Reception, canon & influence

Critically, Inherent Vice was admired and divisive in roughly equal measure. Many reviewers praised its audacity, its performances (Phoenix and Brolin especially), Greenwood's score, and its faithful capture of Pynchon's tone, while a substantial number found it frustratingly opaque, shapeless, or willfully impenetrable. The bafflement was, for admirers, the point; for detractors, a defect. The film earned Academy Award nominations for Best Adapted Screenplay (Anderson) and Best Costume Design (Bridges), and it has accumulated a devoted critical following in the years since, with reassessments tending to credit its emotional depth and its standing as the most serious attempt yet to translate Pynchon to the screen. Its commercial performance was modest, in keeping with its difficulty and specialty release; precise grosses should be checked against a reliable source.

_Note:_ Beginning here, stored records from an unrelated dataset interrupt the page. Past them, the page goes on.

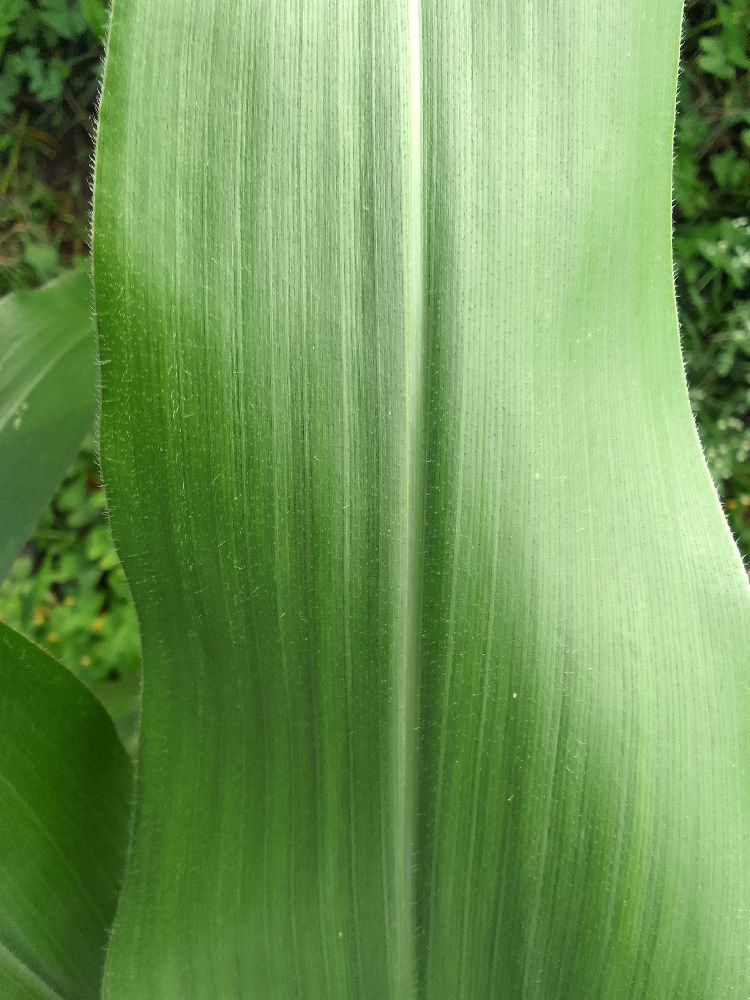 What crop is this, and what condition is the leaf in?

maize, healthy
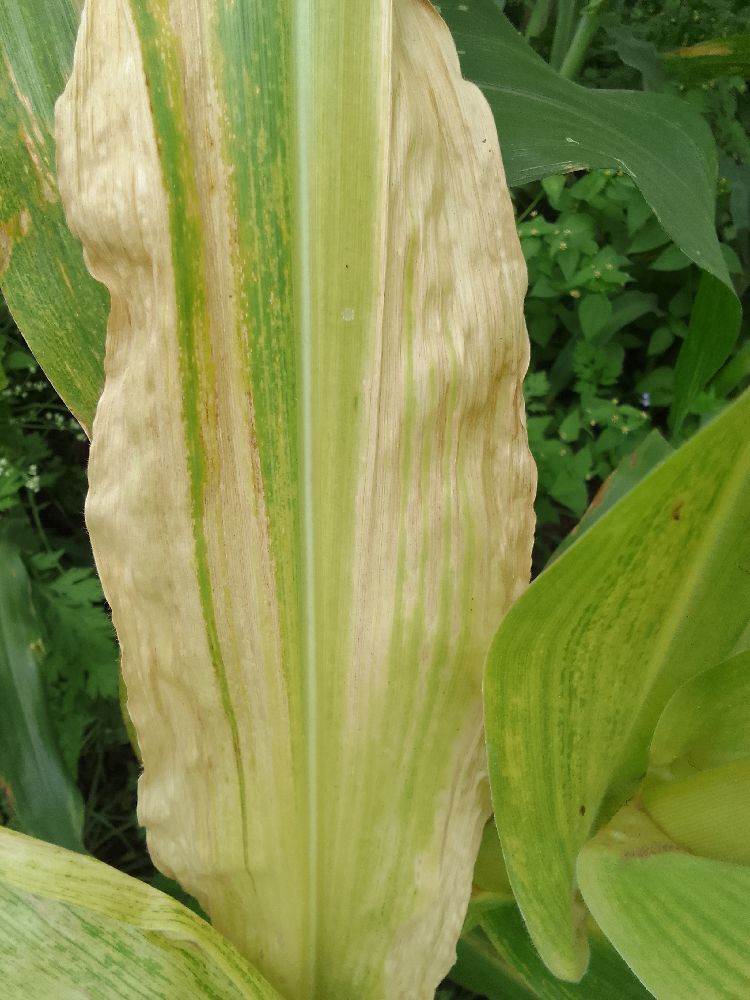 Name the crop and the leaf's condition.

maize, maize lethal necrosis
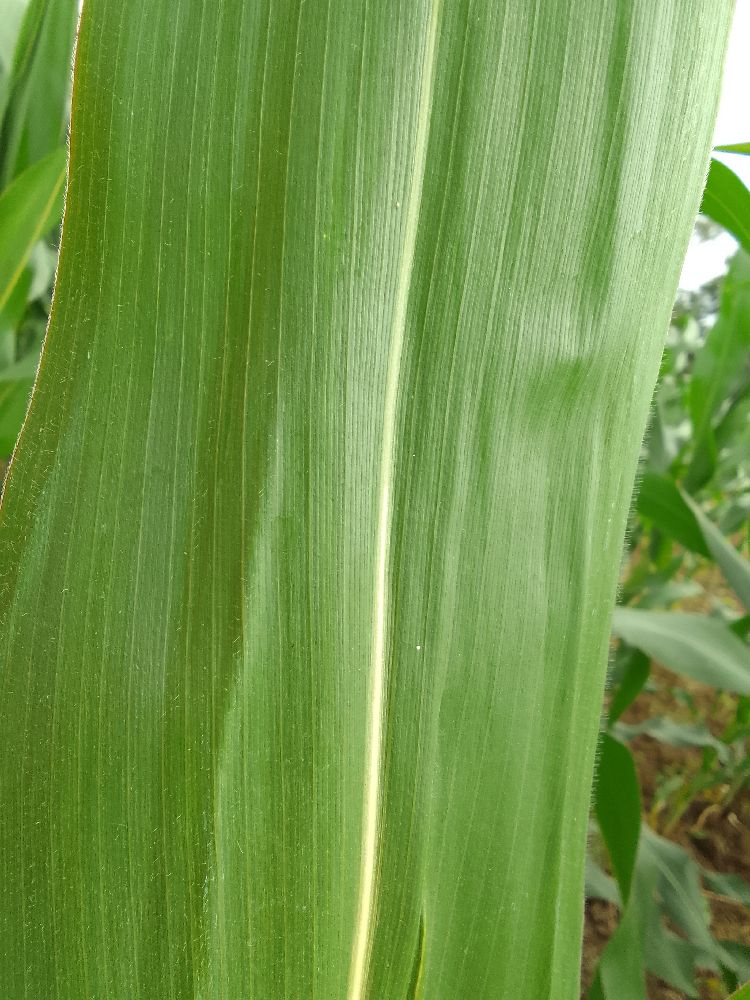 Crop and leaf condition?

maize, healthy
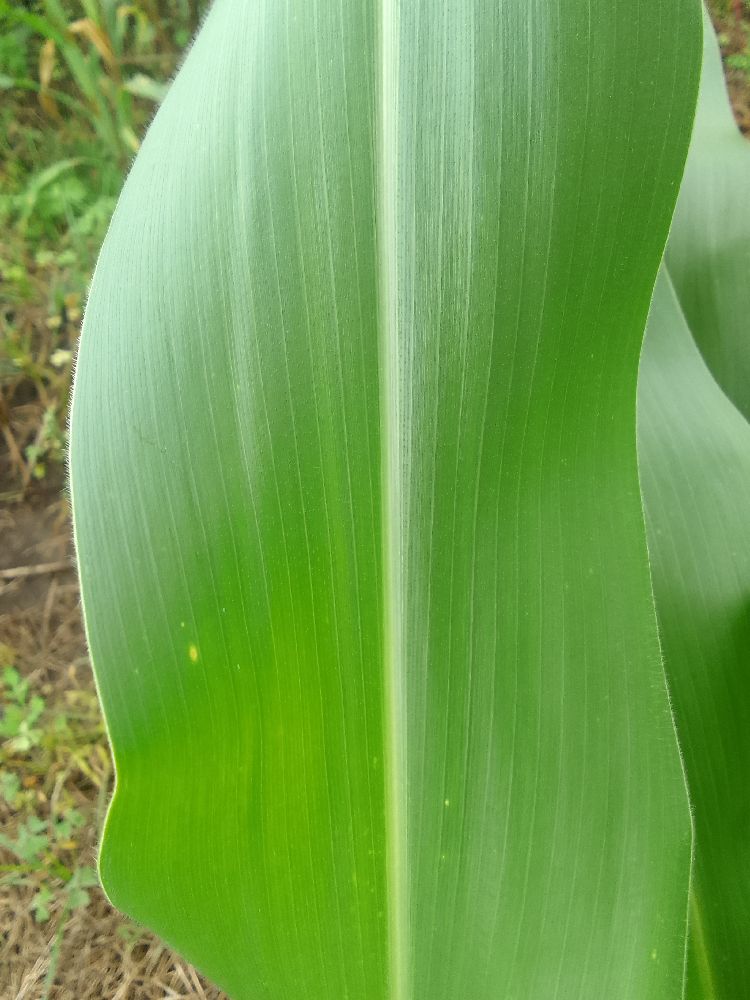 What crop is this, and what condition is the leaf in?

maize, healthy
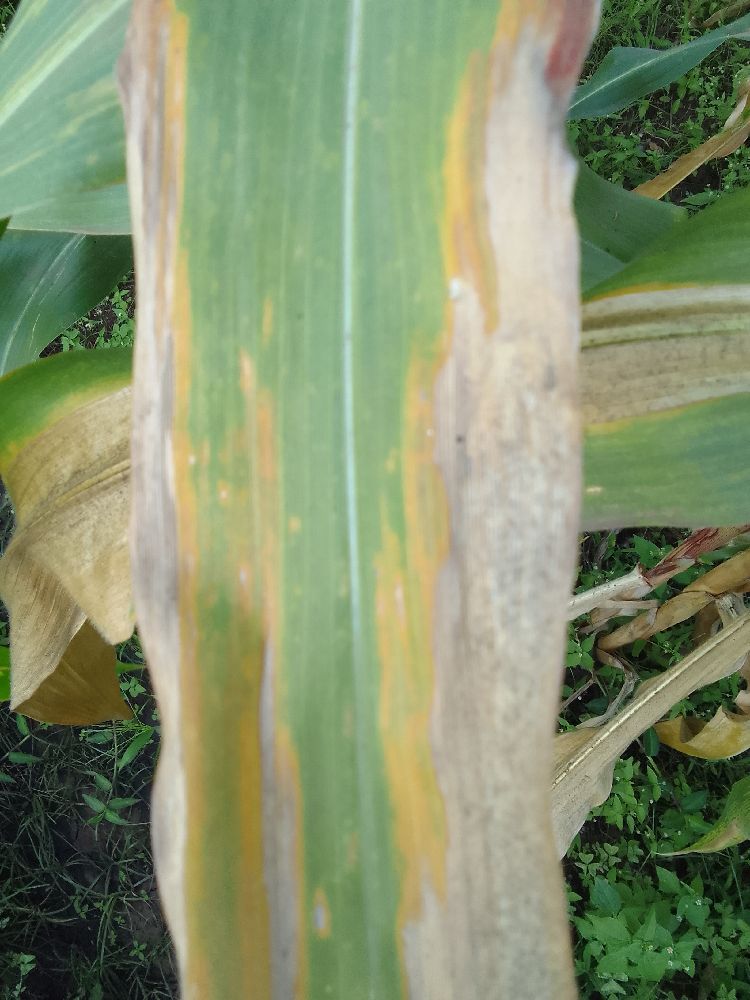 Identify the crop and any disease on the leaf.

maize, maize lethal necrosis

Looking backward, its influences are explicit and several: Pynchon's novel above all; the revisionist L.A. noir of Altman's The Long Goodbye and Polanski's Chinatown; Chandler's hardboiled tradition and its mid-century screen adaptations; the New Hollywood's loose, character-driven storytelling; the stoner-comedy lineage running through Cheech and Chong; and the Coens' The Big Lebowski. Anderson's own evolving California project and his collaborations with Elswit and Greenwood are the immediate creative antecedents.

Looking forward, the film's most concrete legacy is as a proof of concept: it demonstrated that Pynchon's prose could be brought to the screen with its texture intact, and it deepened the critical conversation about adapting "unfilmable" maximalist fiction. Within Anderson's career it served as a tonal bridge toward the lighter, more nostalgic register of Licorice Pizza (2021), confirming his turn toward Southern California memory pieces. More diffusely, it has become a touchstone for a certain mode of mood-forward, plot-resistant filmmaking — admired by other directors and cinephiles for its willingness to subordinate narrative legibility to atmosphere, period feeling, and elegiac emotion. Its full influence is still settling, and the dossier records its standing as a growing rather than a fixed reputation.